**Task requirements**
What lines in the records below mention "circle"? List them all.
Entries provided below:
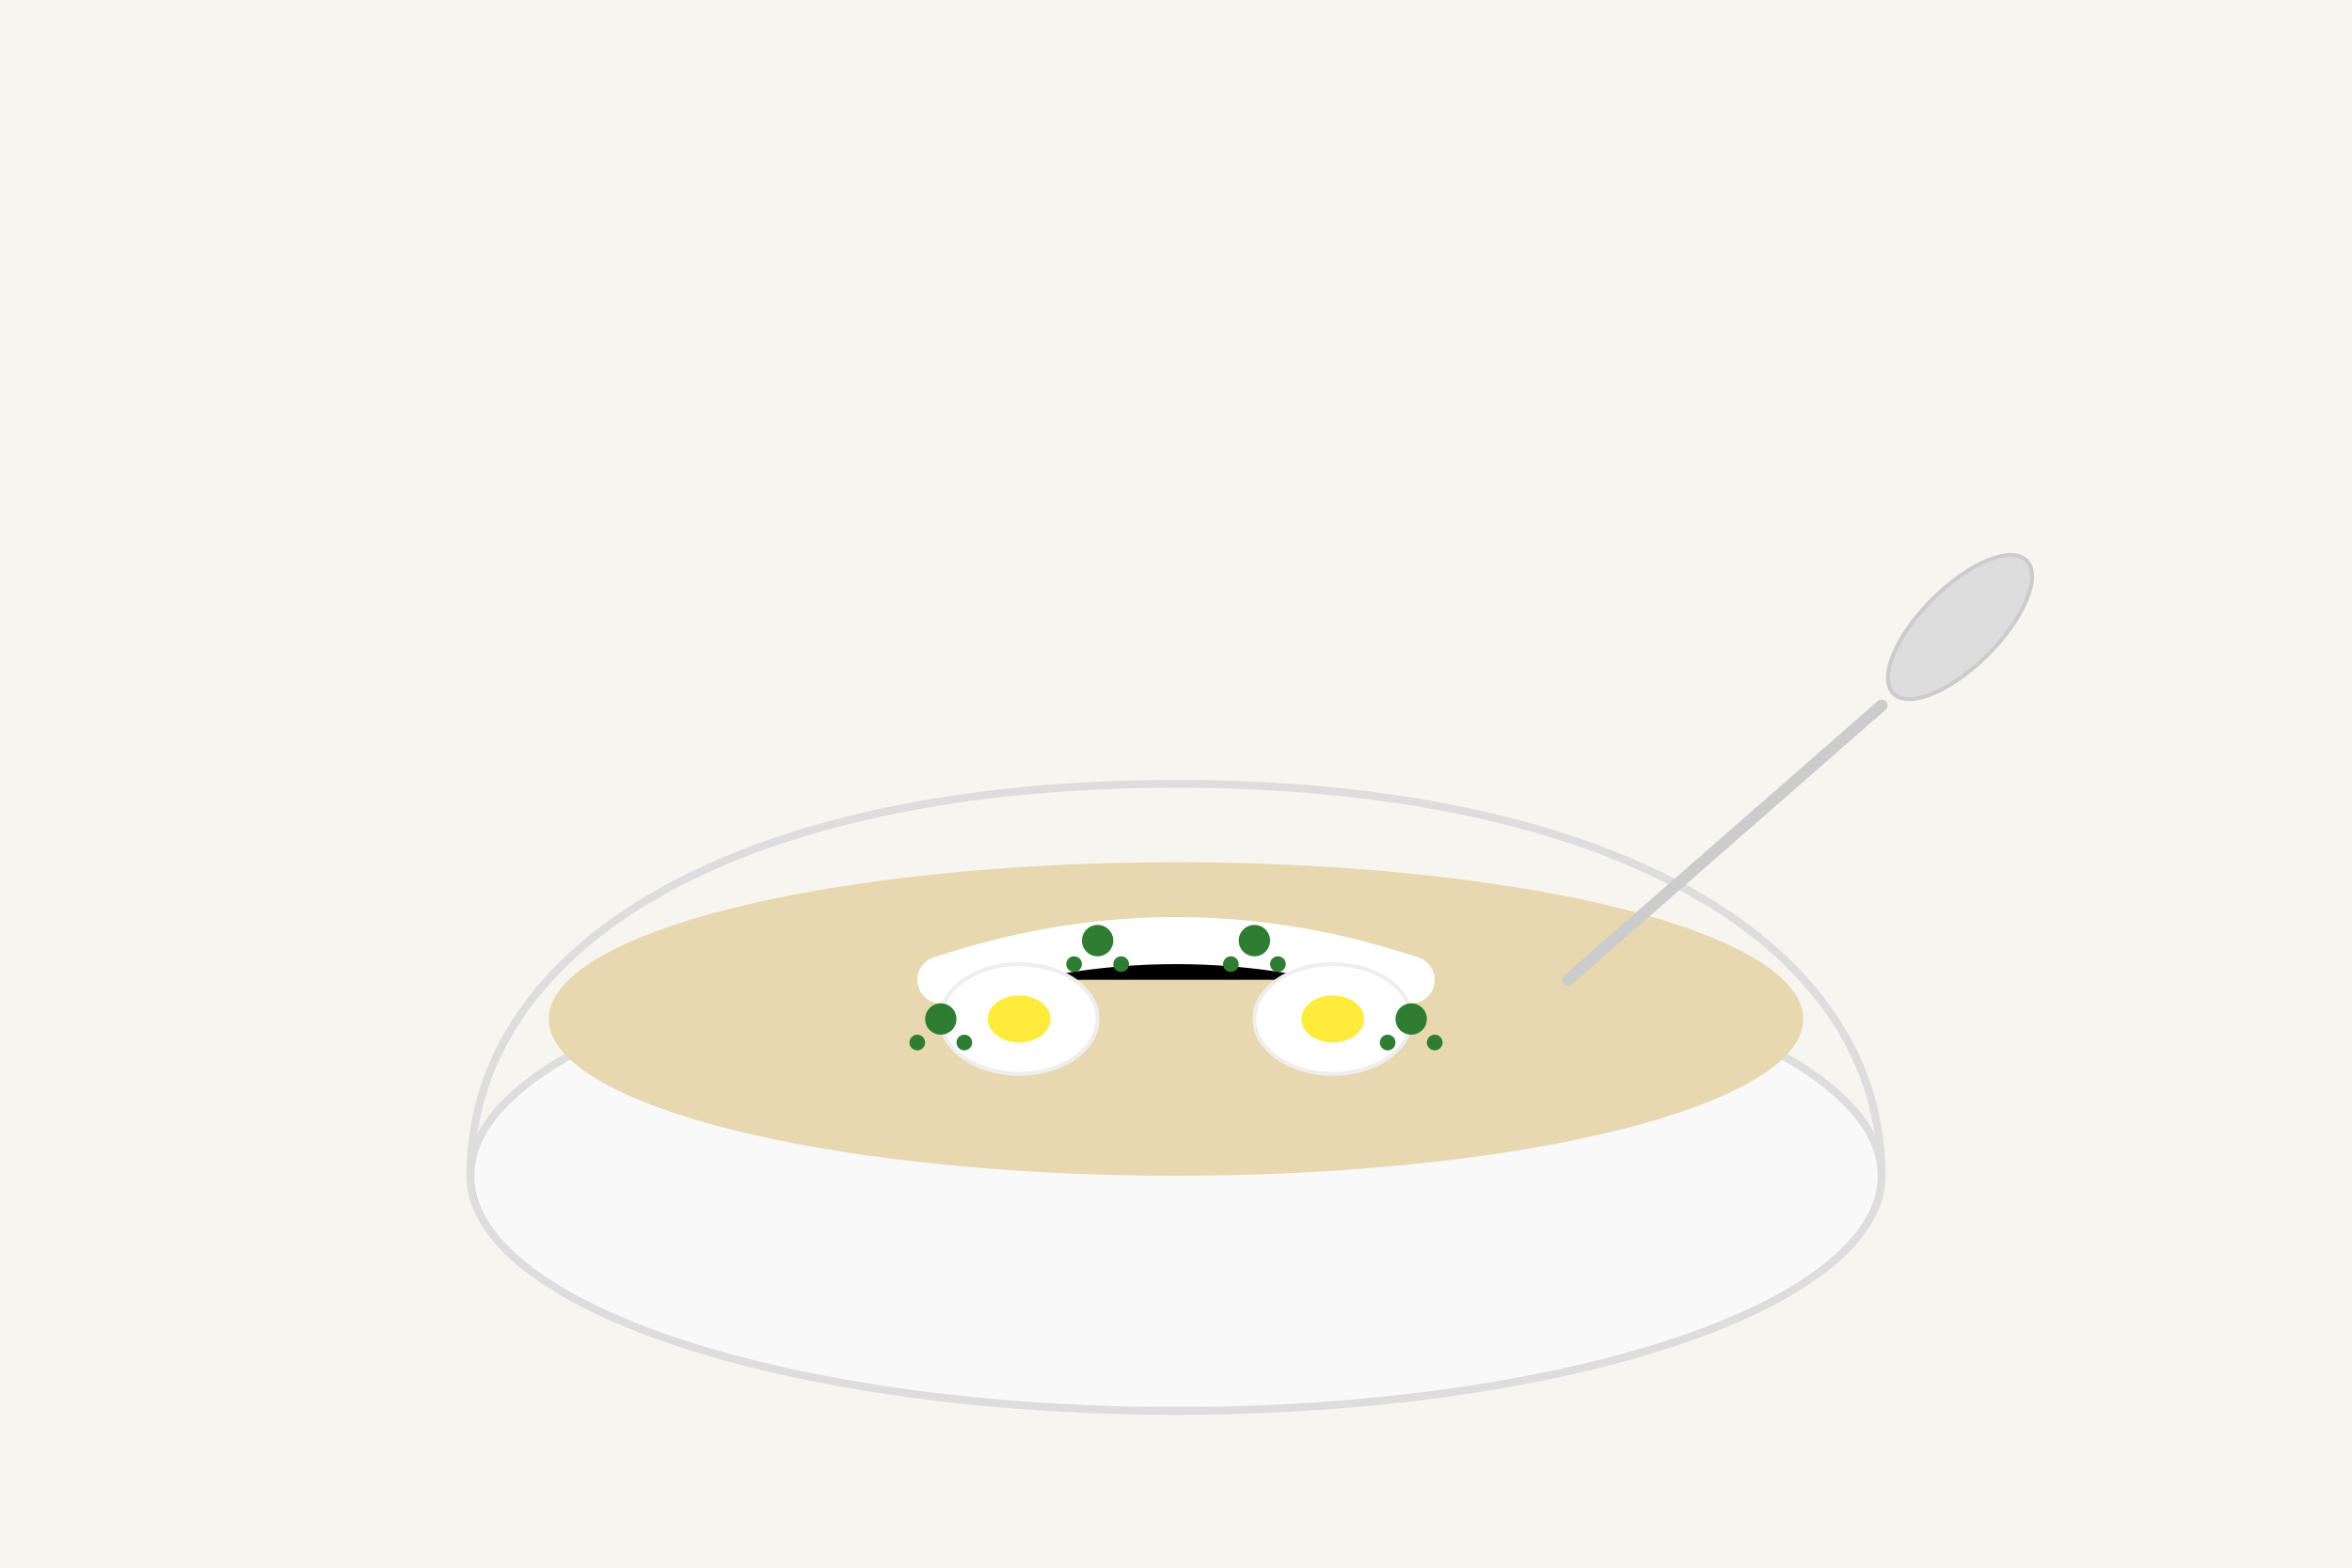 <svg xmlns="http://www.w3.org/2000/svg" width="300" height="200" viewBox="0 0 300 200">
  <!-- Background -->
  <rect width="300" height="200" fill="#f7f5f0"/>
  
  <!-- Bowl -->
  <ellipse cx="150" cy="150" rx="90" ry="30" fill="#f9f9f9" stroke="#ddd" stroke-width="1"/>
  <path d="M60,150 C60,120 95,100 150,100 C205,100 240,120 240,150" fill="none" stroke="#ddd" stroke-width="1"/>
  
  <!-- Zurek soup -->
  <ellipse cx="150" cy="130" rx="80" ry="20" fill="#e8d8b0" stroke="none"/>
  
  <!-- Soup elements -->
  <!-- White sausage -->
  <path d="M120,125 Q150,115 180,125" stroke="#fff" stroke-width="6" stroke-linecap="round"/>
  
  <!-- Egg halves -->
  <ellipse cx="130" cy="130" rx="10" ry="7" fill="#fff" stroke="#eee" stroke-width="0.5"/>
  <ellipse cx="130" cy="130" rx="4" ry="3" fill="#ffeb3b" stroke="none"/>
  
  <ellipse cx="170" cy="130" rx="10" ry="7" fill="#fff" stroke="#eee" stroke-width="0.5"/>
  <ellipse cx="170" cy="130" rx="4" ry="3" fill="#ffeb3b" stroke="none"/>
  
  <!-- Herbs/seasonings -->
  <g fill="#2e7d32" stroke="none">
    <circle cx="140" cy="120" r="2"/>
    <circle cx="143" cy="123" r="1"/>
    <circle cx="137" cy="123" r="1"/>
    
    <circle cx="160" cy="120" r="2"/>
    <circle cx="163" cy="123" r="1"/>
    <circle cx="157" cy="123" r="1"/>
    
    <circle cx="120" cy="130" r="2"/>
    <circle cx="123" cy="133" r="1"/>
    <circle cx="117" cy="133" r="1"/>
    
    <circle cx="180" cy="130" r="2"/>
    <circle cx="183" cy="133" r="1"/>
    <circle cx="177" cy="133" r="1"/>
  </g>
  
  <!-- Spoon -->
  <path d="M200,125 L240,90" stroke="#ccc" stroke-width="1.5" stroke-linecap="round"/>
  <ellipse cx="250" cy="80" rx="12" ry="5" transform="rotate(-45 250 80)" fill="#ddd" stroke="#ccc" stroke-width="0.5"/>
</svg>
End of Entries provided.
**The completed task**
    <circle cx="140" cy="120" r="2"/>
    <circle cx="143" cy="123" r="1"/>
    <circle cx="137" cy="123" r="1"/>
    <circle cx="160" cy="120" r="2"/>
    <circle cx="163" cy="123" r="1"/>
    <circle cx="157" cy="123" r="1"/>
    <circle cx="120" cy="130" r="2"/>
    <circle cx="123" cy="133" r="1"/>
    <circle cx="117" cy="133" r="1"/>
    <circle cx="180" cy="130" r="2"/>
    <circle cx="183" cy="133" r="1"/>
    <circle cx="177" cy="133" r="1"/>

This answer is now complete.